* What is required *
As you work through the listing below, copy each line exactly and drop the images.

BEGIN Task inputs

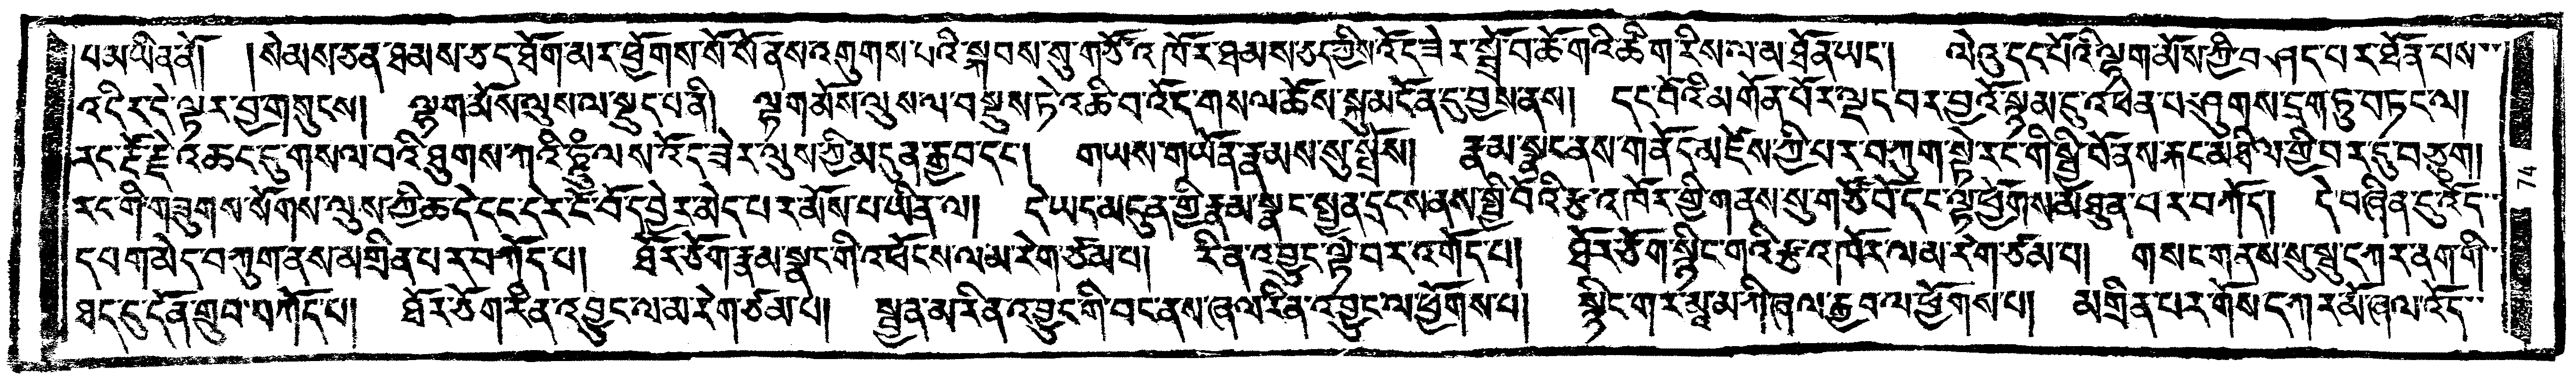པ་མ་ཡིན་ནོ། །སེམས་ཅན་ཐམས་ཅད་ཐོག་མར་ཕྱོགས་སོ་སོ་ནས་འགུགས་པའི་སྐབས་སུ་གཙོ་འཁོར་ཐམས་ཅད་ཀྱིས་འོད་ཟེར་སྤྲོ་བ་ཆོ་གའི་ཚིག་རིས་ལ་མཐོན་ཡང་། ལེའུ་དང་པོའི་ལྷག་མོས་ཀྱི་བཤད་པར་ཐོན་པས་
འདིར་དེ་ལྟར་བྱ་གསུངས། ལྷག་མོས་ལུས་ལ་སྡུད་པ་ནི། ལྷག་མོས་ལུས་ལ་བསྡུས་ཏེ་འཆི་བ་འོད་གསལ་ཆོས་སྐུ་མངོན་དུ་བྱས་ནས། དང་པོའི་མགོན་པོར་ལྡང་བར་བྱའོ་སྙམ་དུ་འཕེན་པ་ཤུགས་དྲག་ཏུ་བཏང་ལ།
རང་རྡོ་རྗེ་འཆང་དུ་གསལ་བའི་ཐུགས་ཀའི་ཧཱུཾ་ལས་འོད་ཟེར་ལུས་ཀྱི་མདུན་རྒྱབ་དང་། གཡས་གཡོན་རྣམས་སུ་སྤྲོས། རྣམ་སྣང་ནས་གནོད་མཛེས་ཀྱི་བར་བཀུག་སྟེ་རང་གི་སྤྱི་བོ་ནས་རྐང་མཐིལ་གྱི་བར་དུ་བཅུག།
རང་གི་གཟུགས་སོགས་ལུས་ཀྱི་ཆ་དེ་དང་དེར་ངོ་བོ་དབྱེར་མེད་པར་མོས་པ་ཡིན་ལ། དེ་ཡང་མདུན་གྱི་རྣམ་སྣང་སྤྱན་དྲངས་ནས་སྤྱི་བོའི་རྩ་འཁོར་གྱི་གནས་སུ་གཙོ་བོ་དང་ལྟ་ཕྱོགས་མཐུན་པར་བཀོད། དེ་བཞིན་དུ་འོད་
དཔག་མེད་བཀུག་ནས་མགྲིན་པར་བཀོད་པ། ཐོར་ཅོག་རྣམ་སྣང་གི་འཕོངས་ལ་མ་རེག་ཙམ་པ། རིན་འབྱུང་ལྟེ་བར་འགོད་པ། ཐོར་ཅོག་སྙིང་གའི་རྩ་འཁོར་ལམ་རེག་ཙམ་པ། གསང་གནས་སུ་སྤུ་དཀར་ནག་གི་
ཐད་དུ་དོན་གྲུབ་བཀོད་པ། ཐོར་ཅོག་རིན་འབྱུང་ལ་མ་རེག་ཙམ་པ། སྤྱན་མ་རིན་འབྱུང་གི་བང་ནས་ཞལ་རིན་འབྱུང་ལ་ཕྱོགས་པ། སྙིང་གར་མཱ་མ་ཀི་ཞལ་རྒྱབ་ལ་ཕྱོགས་པ། མགྲིན་པར་གོས་དཀར་མོ་ཞལ་འོད་
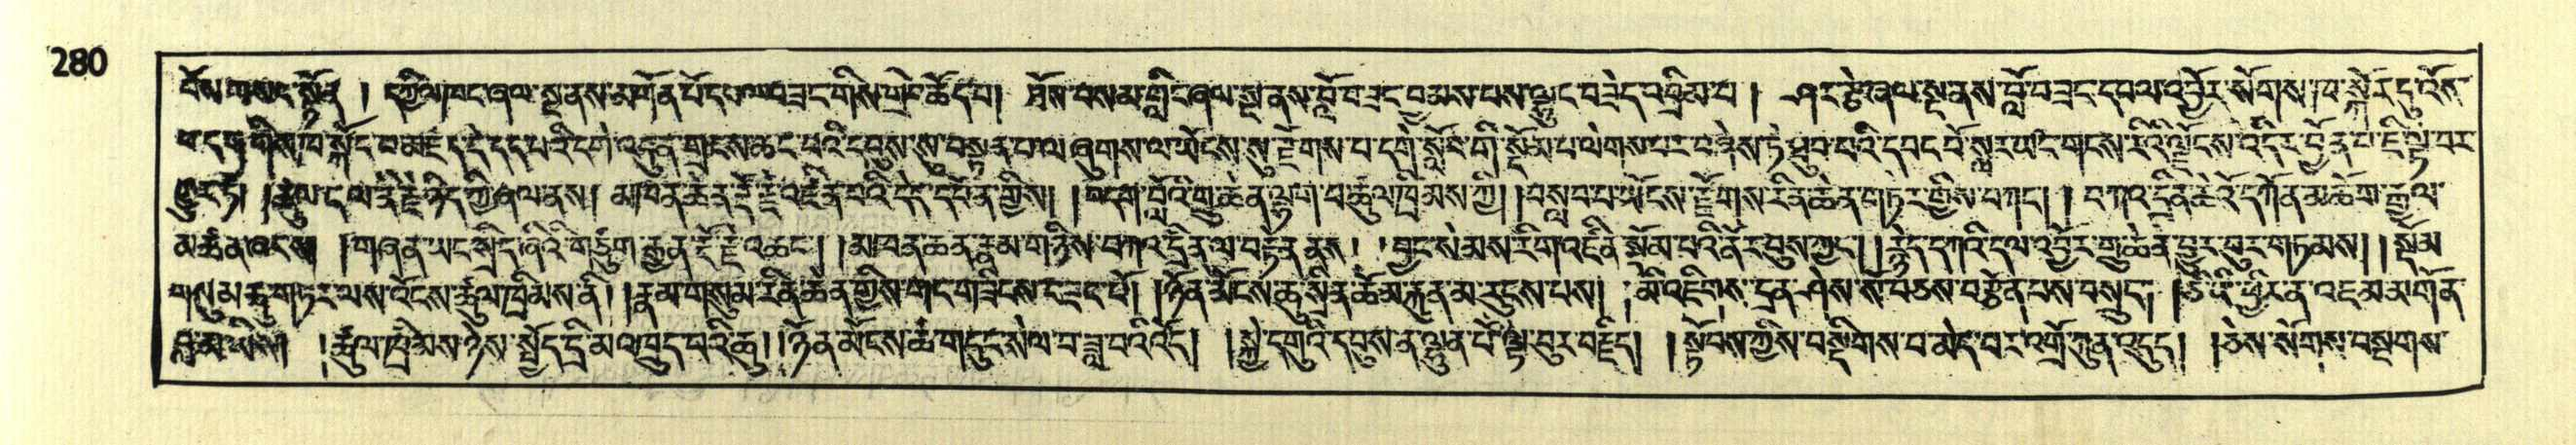བོས་གསང་སྟོན་།དཀྱིལ་ཁང་ཞལ་སྔ་ནས་མགོན་པོ་དཔལ་བཟང་གིས་གྲེབ་ཆོད་པ། ཐོས་བསམ་གླིང་ཞལ་སྔ་ནས་བློ་བཟང་བྱམས་པས་ལྷུང་བཟེད་འབྲིམ་པ། ཤར་རྩེ་ཞལ་སྔ་ནས་བློ་བཟང་དཔལ་འབྱོར་སོགས་ཁ་སྐོར་དུ་འོས་
པ་དག་གིས་ཁ་སྐོང་བ་མཛད་དེ་དད་པའི་དགེ་འདུན་གྲངས་ཆང་བའི་དབུས་སུ་བསྟན་པ་ལ་ཞུགས་ལ་ཡོངས་སུ་རྫོགས་པ་དགེ་སློབ་གི་སྡོམ་པ་ལེགས་པར་བཞེས་ཏེ་ཐུབ་པའི་དབང་པོ་སླར་ཡང་གངས་རིའི་ལྗོངས་འདིར་བྱོན་པ་ཇི་ལྟ་བར་
གྱུར་ཏོ། །ཚུལ་ངལ་ནི་རྗེ་ཉིད་ཀྱི་ཞལ་ནས། མཁན་ཆེན་རྡོ་རྗེ་འཛིན་བའི་དེད་དཔོན་གྱིས། །བདག་བློའི་གྲུ་ཆེན་ལྷག་བ་ཚུལ་ཁྲིམས་ཀྱི། །བསླབ་པ་ཡོངས་རྫོགས་རིན་ཆེན་གཏེར་གྱིས་བཀང་། །བཀའ་དྲིན་ཆེའོ་དཀོན་མཆོག་རྒྱལ་
མཚན་ཞངས། །གཞན་ཡང་སྲིད་ཞིའི་གཙུག་རྒྱན་རྡོ་རྗེ་འཆང་། །མཁན་ཆན་རྣམ་གཉིས་བཀའ་དྲིན་ལ་བརྟེན་ནས། །བྱང་སེམས་རིག་འཛིན་སྡོམ་པའི་ནོར་བུས་ཀྱང་། །རྙེད་དཀའི་དལ་འབྱོར་གྲུ་ཆེན་བྱུར་བུར་གཏམས། །སྡོམ་
གསུམ་ཆུ་གཏར་ལས་འོངས་ཚུལ་ཁྲིམས་ནི། །རྣམ་གསུམ་རིན་ཆེན་གྱིས་གང་གཟིངས་བཟང་པོ། །ཉོན་མོངས་ཆུ་སྲིན་ཆོམ་རྐུན་མ་རུངས་པས། །མི་འཇིགས་དྲན་ཤེས་སོ་བཅས་བརྩོན་པས་བསྲུང་། །ཅི་ཡི་ཕྱིར་ན་འཇམ་མགོན་
བླ་མ་ཡིས། །ཚུལ་ཁྲིམས་ཉེས་སྤྱོད་དྲི་མ་འཁྲུད་པའི་ཆུ། །ཉོན་མོངས་ཚ་གདུང་སེལ་བ་ཟླ་བའི་འོད། །སྐྱེ་དགུའི་དབུས་ན་ལྷུན་པོ་ལྟ་བུར་བརྗིད། །སྟོབས་ཀྱིས་བསྡིགས་བ་མེད་བར་འགྲོ་ཀུན་འདུད། །ཅེས་སོགས་བསྔགས་

END Task inputs

* Solution *
པ་མ་ཡིན་ནོ། །སེམས་ཅན་ཐམས་ཅད་ཐོག་མར་ཕྱོགས་སོ་སོ་ནས་འགུགས་པའི་སྐབས་སུ་གཙོ་འཁོར་ཐམས་ཅད་ཀྱིས་འོད་ཟེར་སྤྲོ་བ་ཆོ་གའི་ཚིག་རིས་ལ་མཐོན་ཡང་། ལེའུ་དང་པོའི་ལྷག་མོས་ཀྱི་བཤད་པར་ཐོན་པས་
འདིར་དེ་ལྟར་བྱ་གསུངས། ལྷག་མོས་ལུས་ལ་སྡུད་པ་ནི། ལྷག་མོས་ལུས་ལ་བསྡུས་ཏེ་འཆི་བ་འོད་གསལ་ཆོས་སྐུ་མངོན་དུ་བྱས་ནས། དང་པོའི་མགོན་པོར་ལྡང་བར་བྱའོ་སྙམ་དུ་འཕེན་པ་ཤུགས་དྲག་ཏུ་བཏང་ལ།
རང་རྡོ་རྗེ་འཆང་དུ་གསལ་བའི་ཐུགས་ཀའི་ཧཱུཾ་ལས་འོད་ཟེར་ལུས་ཀྱི་མདུན་རྒྱབ་དང་། གཡས་གཡོན་རྣམས་སུ་སྤྲོས། རྣམ་སྣང་ནས་གནོད་མཛེས་ཀྱི་བར་བཀུག་སྟེ་རང་གི་སྤྱི་བོ་ནས་རྐང་མཐིལ་གྱི་བར་དུ་བཅུག།
རང་གི་གཟུགས་སོགས་ལུས་ཀྱི་ཆ་དེ་དང་དེར་ངོ་བོ་དབྱེར་མེད་པར་མོས་པ་ཡིན་ལ། དེ་ཡང་མདུན་གྱི་རྣམ་སྣང་སྤྱན་དྲངས་ནས་སྤྱི་བོའི་རྩ་འཁོར་གྱི་གནས་སུ་གཙོ་བོ་དང་ལྟ་ཕྱོགས་མཐུན་པར་བཀོད། དེ་བཞིན་དུ་འོད་
དཔག་མེད་བཀུག་ནས་མགྲིན་པར་བཀོད་པ། ཐོར་ཅོག་རྣམ་སྣང་གི་འཕོངས་ལ་མ་རེག་ཙམ་པ། རིན་འབྱུང་ལྟེ་བར་འགོད་པ། ཐོར་ཅོག་སྙིང་གའི་རྩ་འཁོར་ལམ་རེག་ཙམ་པ། གསང་གནས་སུ་སྤུ་དཀར་ནག་གི་
ཐད་དུ་དོན་གྲུབ་བཀོད་པ། ཐོར་ཅོག་རིན་འབྱུང་ལ་མ་རེག་ཙམ་པ། སྤྱན་མ་རིན་འབྱུང་གི་བང་ནས་ཞལ་རིན་འབྱུང་ལ་ཕྱོགས་པ། སྙིང་གར་མཱ་མ་ཀི་ཞལ་རྒྱབ་ལ་ཕྱོགས་པ། མགྲིན་པར་གོས་དཀར་མོ་ཞལ་འོད་
བོས་གསང་སྟོན་།དཀྱིལ་ཁང་ཞལ་སྔ་ནས་མགོན་པོ་དཔལ་བཟང་གིས་གྲེབ་ཆོད་པ། ཐོས་བསམ་གླིང་ཞལ་སྔ་ནས་བློ་བཟང་བྱམས་པས་ལྷུང་བཟེད་འབྲིམ་པ། ཤར་རྩེ་ཞལ་སྔ་ནས་བློ་བཟང་དཔལ་འབྱོར་སོགས་ཁ་སྐོར་དུ་འོས་
པ་དག་གིས་ཁ་སྐོང་བ་མཛད་དེ་དད་པའི་དགེ་འདུན་གྲངས་ཆང་བའི་དབུས་སུ་བསྟན་པ་ལ་ཞུགས་ལ་ཡོངས་སུ་རྫོགས་པ་དགེ་སློབ་གི་སྡོམ་པ་ལེགས་པར་བཞེས་ཏེ་ཐུབ་པའི་དབང་པོ་སླར་ཡང་གངས་རིའི་ལྗོངས་འདིར་བྱོན་པ་ཇི་ལྟ་བར་
གྱུར་ཏོ། །ཚུལ་ངལ་ནི་རྗེ་ཉིད་ཀྱི་ཞལ་ནས། མཁན་ཆེན་རྡོ་རྗེ་འཛིན་བའི་དེད་དཔོན་གྱིས། །བདག་བློའི་གྲུ་ཆེན་ལྷག་བ་ཚུལ་ཁྲིམས་ཀྱི། །བསླབ་པ་ཡོངས་རྫོགས་རིན་ཆེན་གཏེར་གྱིས་བཀང་། །བཀའ་དྲིན་ཆེའོ་དཀོན་མཆོག་རྒྱལ་
མཚན་ཞངས། །གཞན་ཡང་སྲིད་ཞིའི་གཙུག་རྒྱན་རྡོ་རྗེ་འཆང་། །མཁན་ཆན་རྣམ་གཉིས་བཀའ་དྲིན་ལ་བརྟེན་ནས། །བྱང་སེམས་རིག་འཛིན་སྡོམ་པའི་ནོར་བུས་ཀྱང་། །རྙེད་དཀའི་དལ་འབྱོར་གྲུ་ཆེན་བྱུར་བུར་གཏམས། །སྡོམ་
གསུམ་ཆུ་གཏར་ལས་འོངས་ཚུལ་ཁྲིམས་ནི། །རྣམ་གསུམ་རིན་ཆེན་གྱིས་གང་གཟིངས་བཟང་པོ། །ཉོན་མོངས་ཆུ་སྲིན་ཆོམ་རྐུན་མ་རུངས་པས། །མི་འཇིགས་དྲན་ཤེས་སོ་བཅས་བརྩོན་པས་བསྲུང་། །ཅི་ཡི་ཕྱིར་ན་འཇམ་མགོན་
བླ་མ་ཡིས། །ཚུལ་ཁྲིམས་ཉེས་སྤྱོད་དྲི་མ་འཁྲུད་པའི་ཆུ། །ཉོན་མོངས་ཚ་གདུང་སེལ་བ་ཟླ་བའི་འོད། །སྐྱེ་དགུའི་དབུས་ན་ལྷུན་པོ་ལྟ་བུར་བརྗིད། །སྟོབས་ཀྱིས་བསྡིགས་བ་མེད་བར་འགྲོ་ཀུན་འདུད། །ཅེས་སོགས་བསྔགས་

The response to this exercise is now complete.